* _Input_
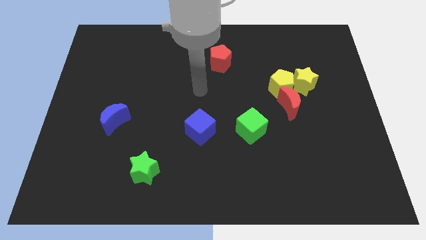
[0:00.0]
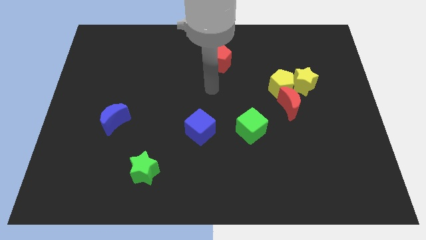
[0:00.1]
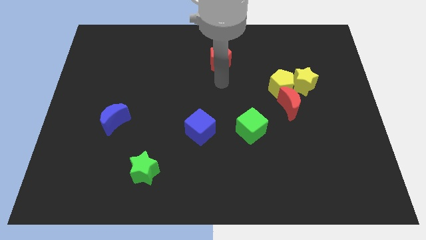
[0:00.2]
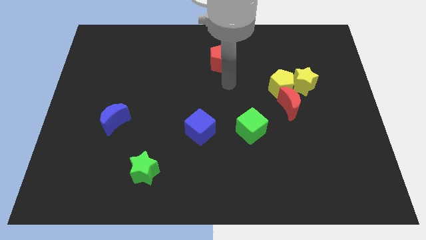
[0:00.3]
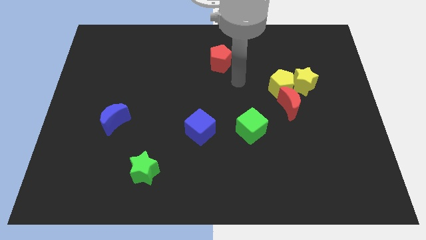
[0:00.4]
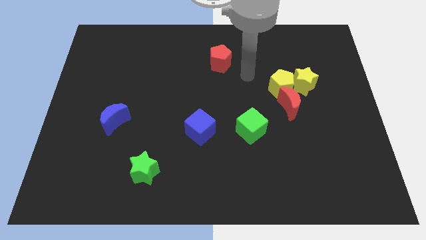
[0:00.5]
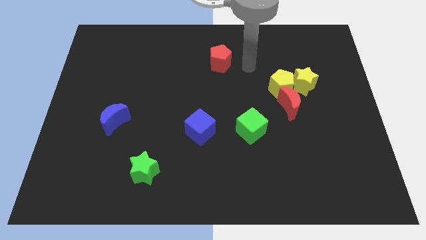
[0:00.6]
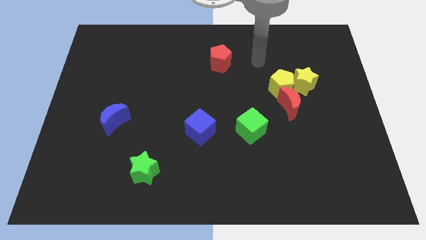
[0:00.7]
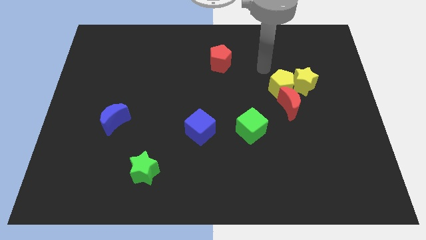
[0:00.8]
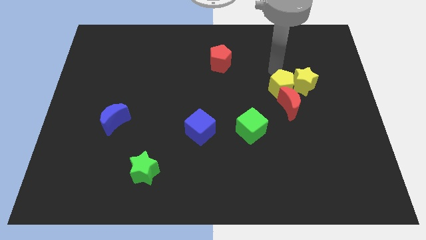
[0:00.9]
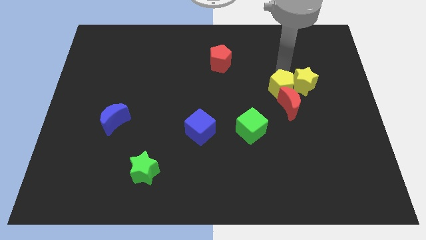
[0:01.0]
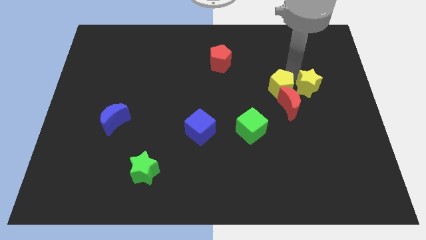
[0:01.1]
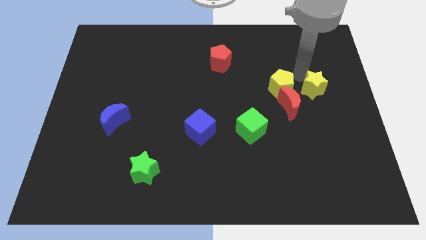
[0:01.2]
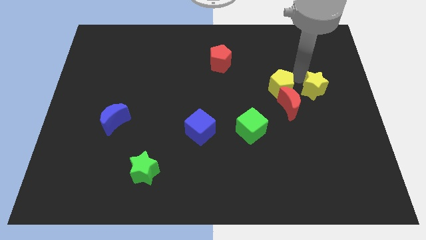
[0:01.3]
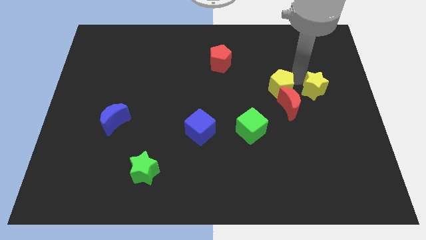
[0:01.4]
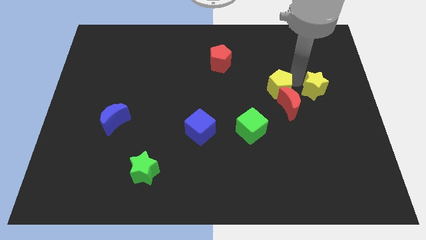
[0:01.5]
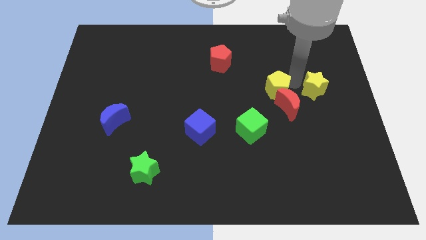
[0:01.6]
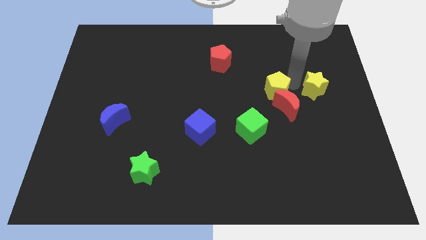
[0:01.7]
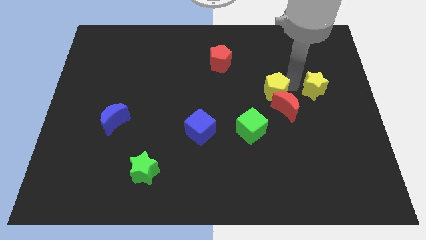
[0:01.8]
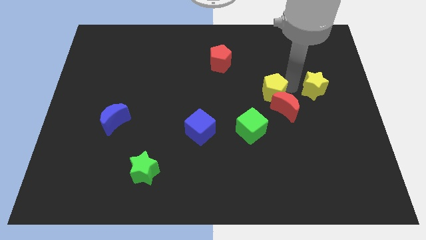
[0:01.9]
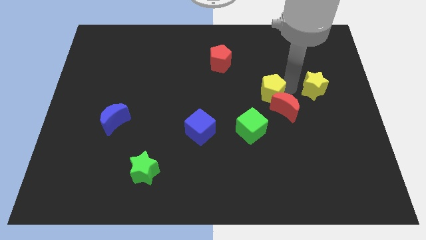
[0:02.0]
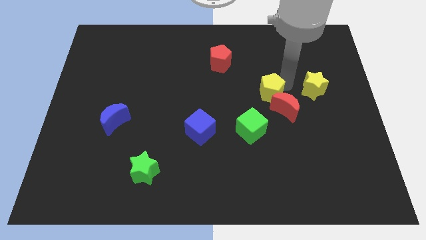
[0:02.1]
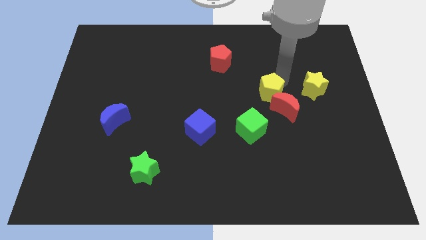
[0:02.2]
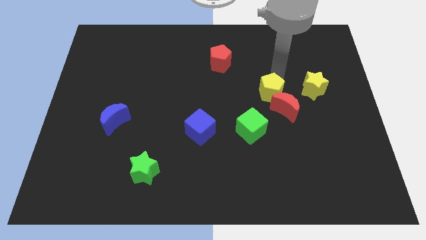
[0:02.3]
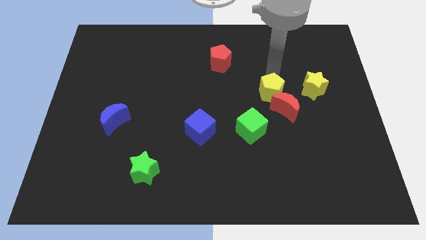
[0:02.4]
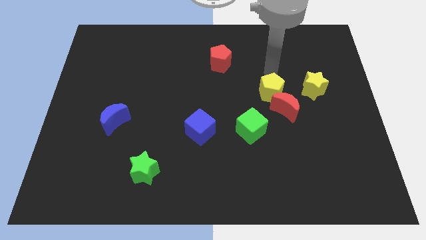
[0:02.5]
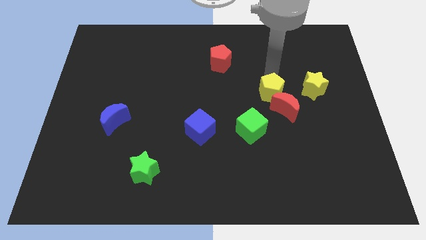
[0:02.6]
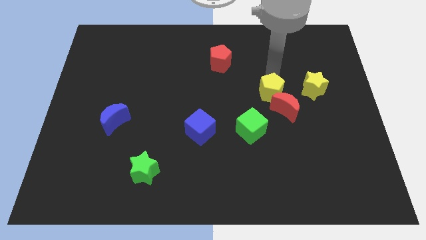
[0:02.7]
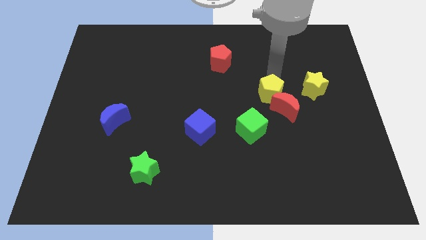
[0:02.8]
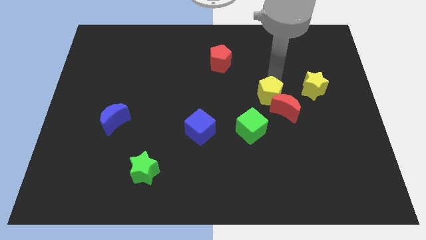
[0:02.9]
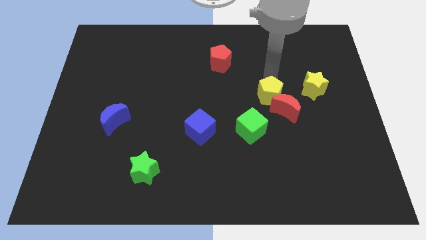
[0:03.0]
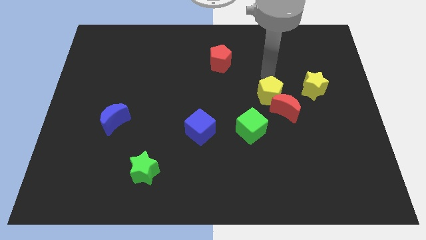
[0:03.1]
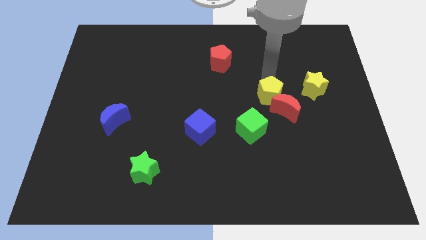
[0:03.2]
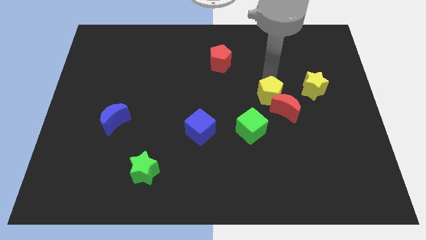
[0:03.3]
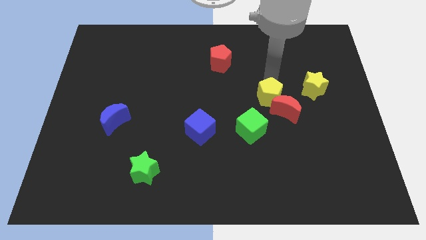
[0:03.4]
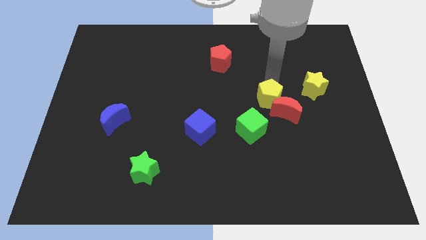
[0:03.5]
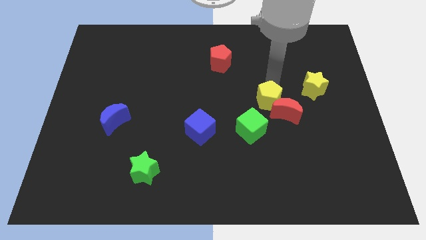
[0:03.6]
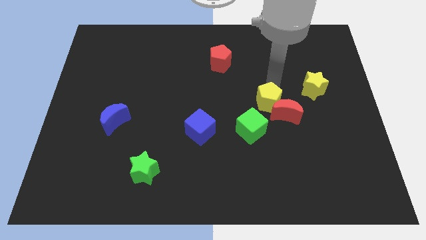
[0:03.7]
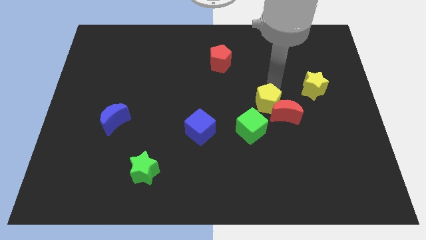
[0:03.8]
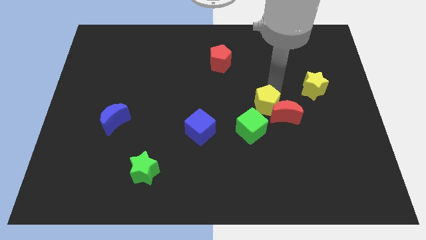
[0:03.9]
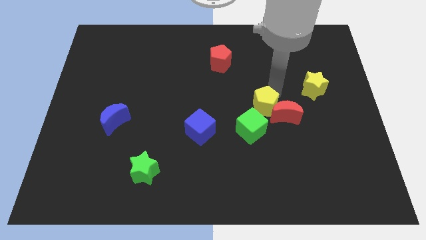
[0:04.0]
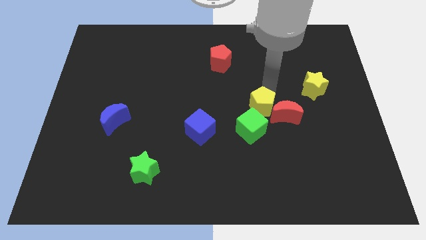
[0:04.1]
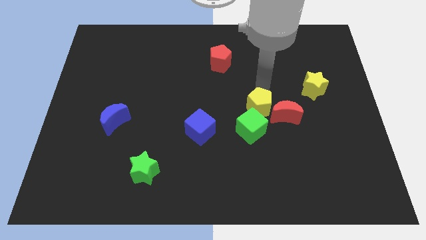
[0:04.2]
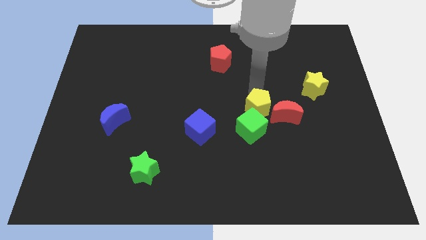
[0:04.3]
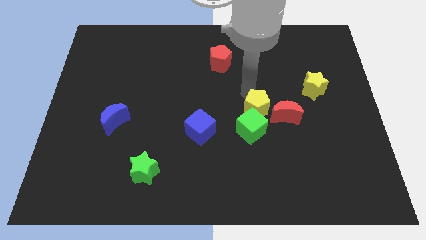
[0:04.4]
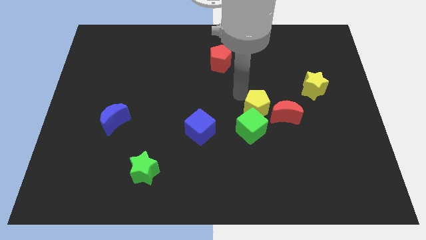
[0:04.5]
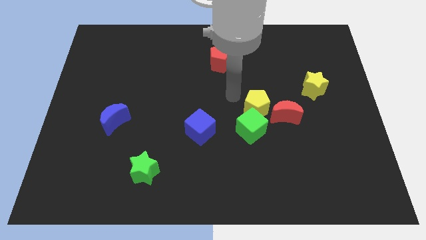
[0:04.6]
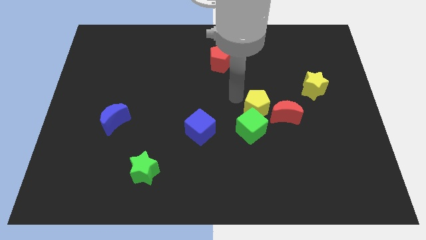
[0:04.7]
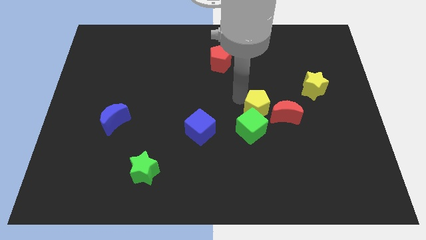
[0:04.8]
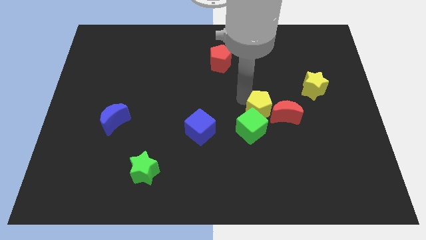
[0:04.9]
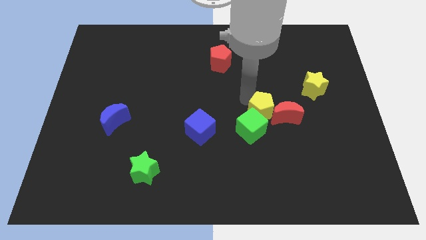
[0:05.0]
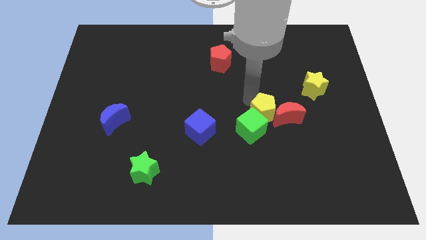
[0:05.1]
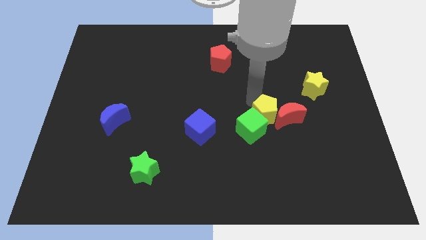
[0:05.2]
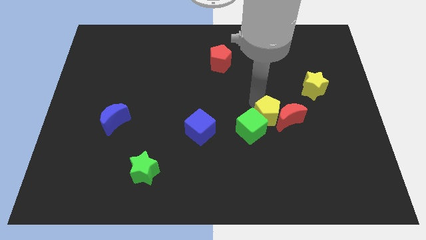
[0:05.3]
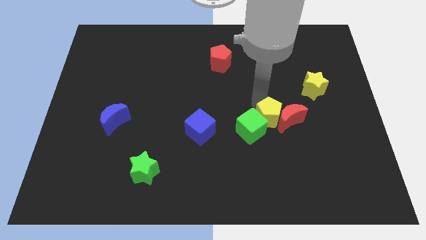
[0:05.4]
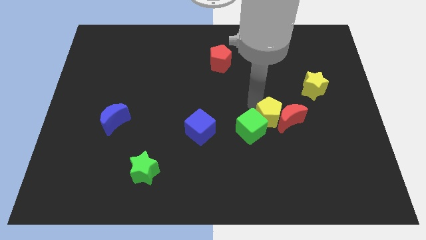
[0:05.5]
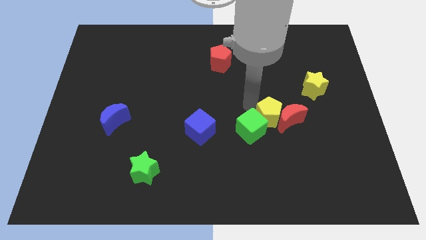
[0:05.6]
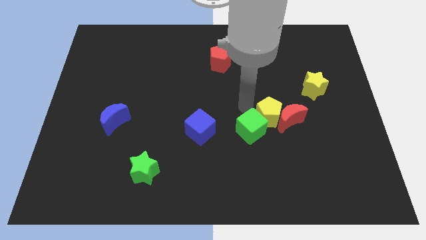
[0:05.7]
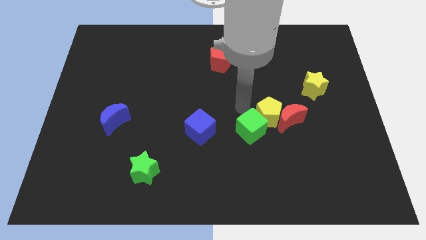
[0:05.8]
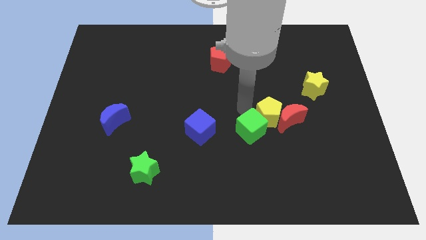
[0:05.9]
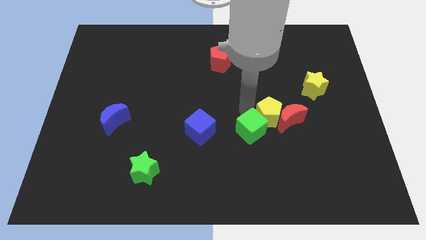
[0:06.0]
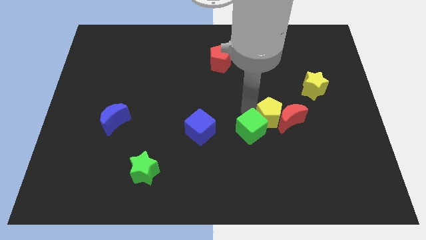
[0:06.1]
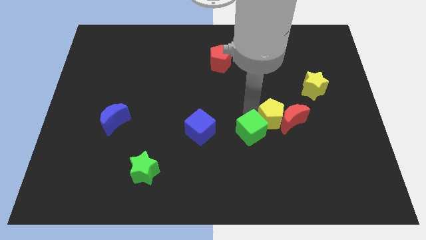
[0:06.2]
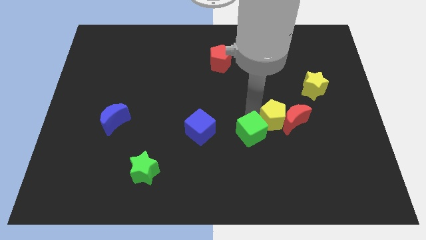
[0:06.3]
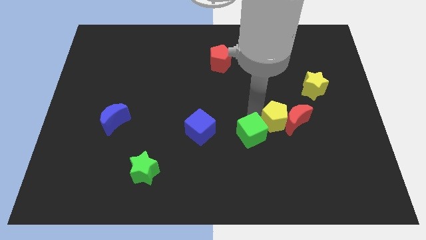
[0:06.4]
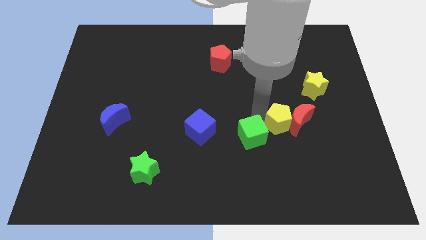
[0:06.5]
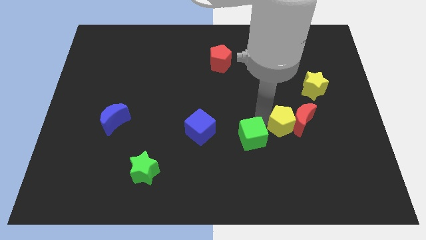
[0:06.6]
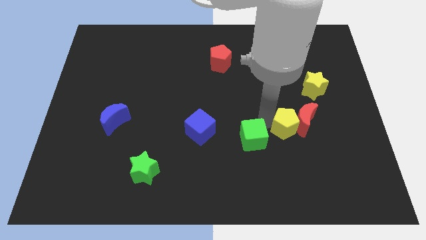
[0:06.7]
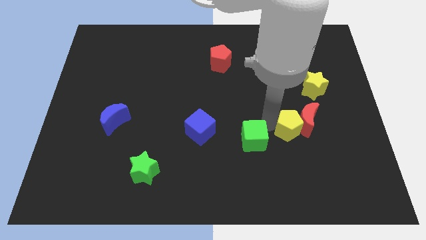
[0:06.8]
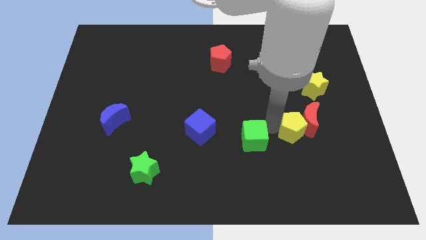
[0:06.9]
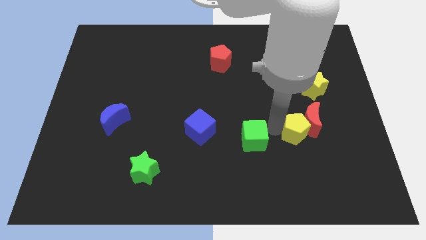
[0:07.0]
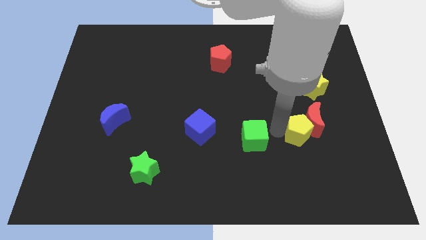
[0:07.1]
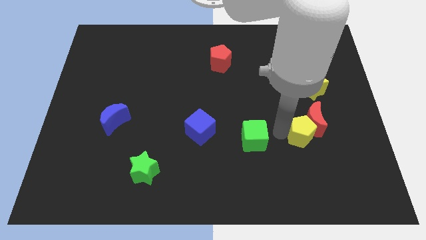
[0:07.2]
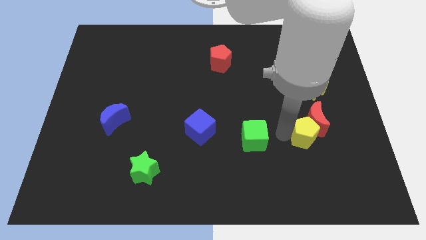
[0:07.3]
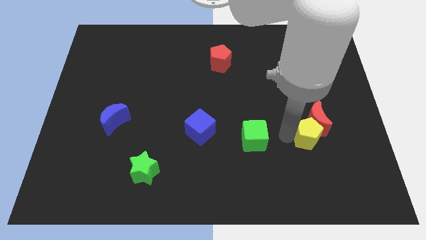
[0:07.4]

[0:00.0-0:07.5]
move the yellow pentagon to the bottom of the yellow star

* _Task brief_
Before copying, set the pictures aside; then reproduce each entry above exactly.

* _Exercise answer_
[0:00.0]
[0:00.1]
[0:00.2]
[0:00.3]
[0:00.4]
[0:00.5]
[0:00.6]
[0:00.7]
[0:00.8]
[0:00.9]
[0:01.0]
[0:01.1]
[0:01.2]
[0:01.3]
[0:01.4]
[0:01.5]
[0:01.6]
[0:01.7]
[0:01.8]
[0:01.9]
[0:02.0]
[0:02.1]
[0:02.2]
[0:02.3]
[0:02.4]
[0:02.5]
[0:02.6]
[0:02.7]
[0:02.8]
[0:02.9]
[0:03.0]
[0:03.1]
[0:03.2]
[0:03.3]
[0:03.4]
[0:03.5]
[0:03.6]
[0:03.7]
[0:03.8]
[0:03.9]
[0:04.0]
[0:04.1]
[0:04.2]
[0:04.3]
[0:04.4]
[0:04.5]
[0:04.6]
[0:04.7]
[0:04.8]
[0:04.9]
[0:05.0]
[0:05.1]
[0:05.2]
[0:05.3]
[0:05.4]
[0:05.5]
[0:05.6]
[0:05.7]
[0:05.8]
[0:05.9]
[0:06.0]
[0:06.1]
[0:06.2]
[0:06.3]
[0:06.4]
[0:06.5]
[0:06.6]
[0:06.7]
[0:06.8]
[0:06.9]
[0:07.0]
[0:07.1]
[0:07.2]
[0:07.3]
[0:07.4]

[0:00.0-0:07.5]
move the yellow pentagon to the bottom of the yellow star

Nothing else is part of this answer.